In other news this month....
I LOVED General Conference!
Izzy is now a year old and so very precious to us. (I haven't had time for pictures.) :(
Casey has confirmed he is double majoring and then plans on a masters degree.
 So that it in our lives!!!!
Love,
Heather






Monday, April 1, 2013

Update

Hey all,
I meant to write a post yesterday but meh, I got lazy and well here you are!
Happy Late Easter!
Nothing to exciting going on with us. We are just working and that's about it. Casey has his spring break this week but the only change we will really have is he will be at work all week instead of work and classes. 

Easter was nice. We had a great day at church and then had a fun dinner with family. Then we watched my nieces and nephew hunt for eggs and their baskets.
I had ever intention of making "resurrection rolls" but alas after some of the fun died down so did our energy. The kids were ready for naps and so were the adults.
We managed to take one picture of the two of us to prove we existed on 03-31-13 lol but it wasn't very good. 

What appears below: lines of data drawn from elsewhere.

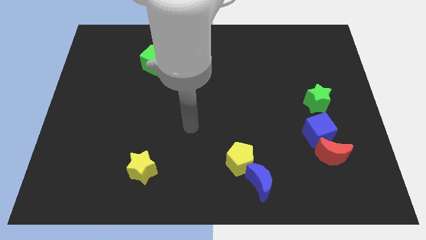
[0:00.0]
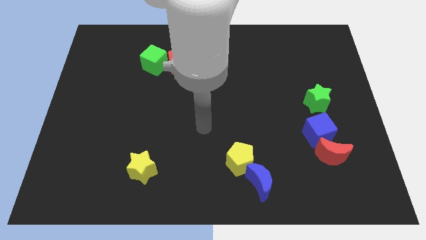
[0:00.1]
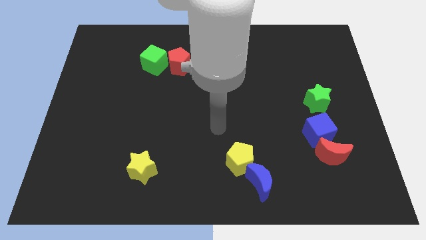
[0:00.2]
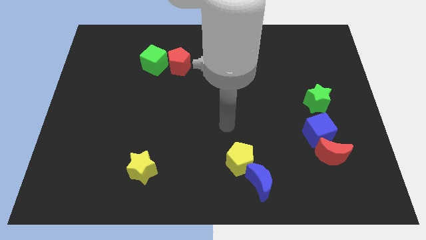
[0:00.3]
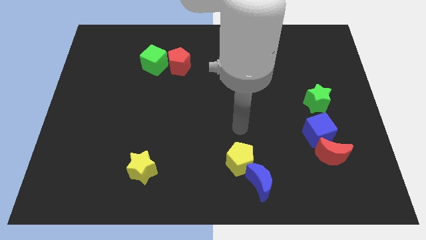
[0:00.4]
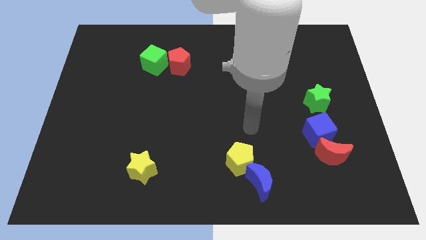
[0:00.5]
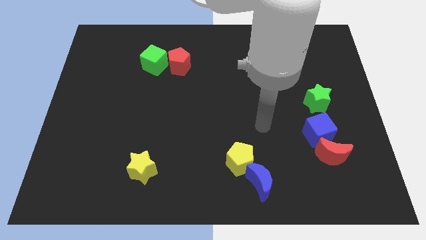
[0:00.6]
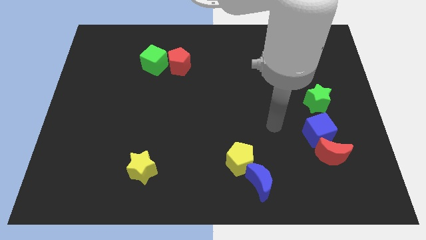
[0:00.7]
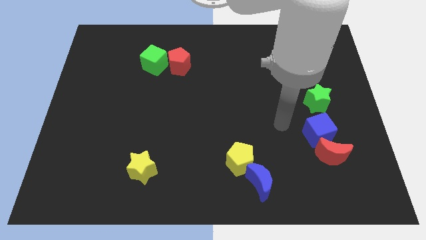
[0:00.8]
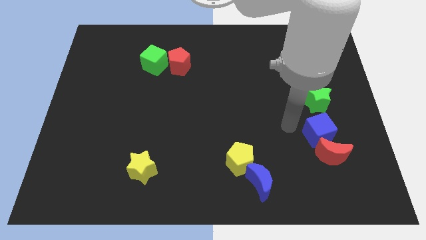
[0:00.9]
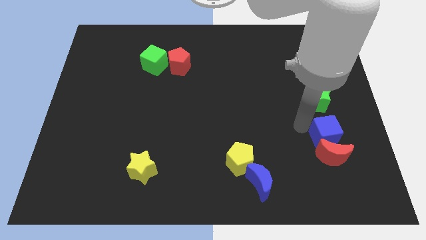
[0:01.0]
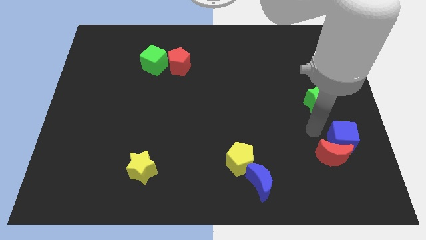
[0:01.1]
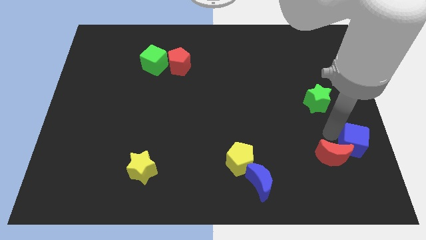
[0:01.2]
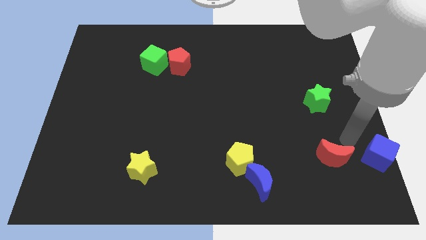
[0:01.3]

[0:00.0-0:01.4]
move the red moon away from the blue cube

I've started to eliminate foods from my diet based on my docs findings on endometriosis.  I've looked online as well and hmmm, how long have I been in the dark? It's quite a change from what I'm used to. You have to eliminate:
Soy
Wheat
Gluten
Dairy
Processed Sugar
Red Meat
Caffeine
Chocolate
...
But the good news is veggies, fruits, and lean protein are a go. If anything I will lose weight lol. They are finding more links between endo and inflammatory diseases, so this anti- inflammatory diet is supposed to reduce pain and symptoms. For some women it has even helped them get off of medication and increased fertility but I will be honest I still have low hope of that occurring. I am just tired of pain. 
Casey has been really helpful with all this. One way I'm able to do really decently is every ten days I give myself a day off so so speak. Not to gorge or binge on foods that aren't good, but say we want to have pizza or pasta or something on my bad list, I can have it them. At the end of April I will go to every 15 days, then by June I will be at once a month. In my reading it said if I follow these guidelines even 85% of the time I am bound to feel better.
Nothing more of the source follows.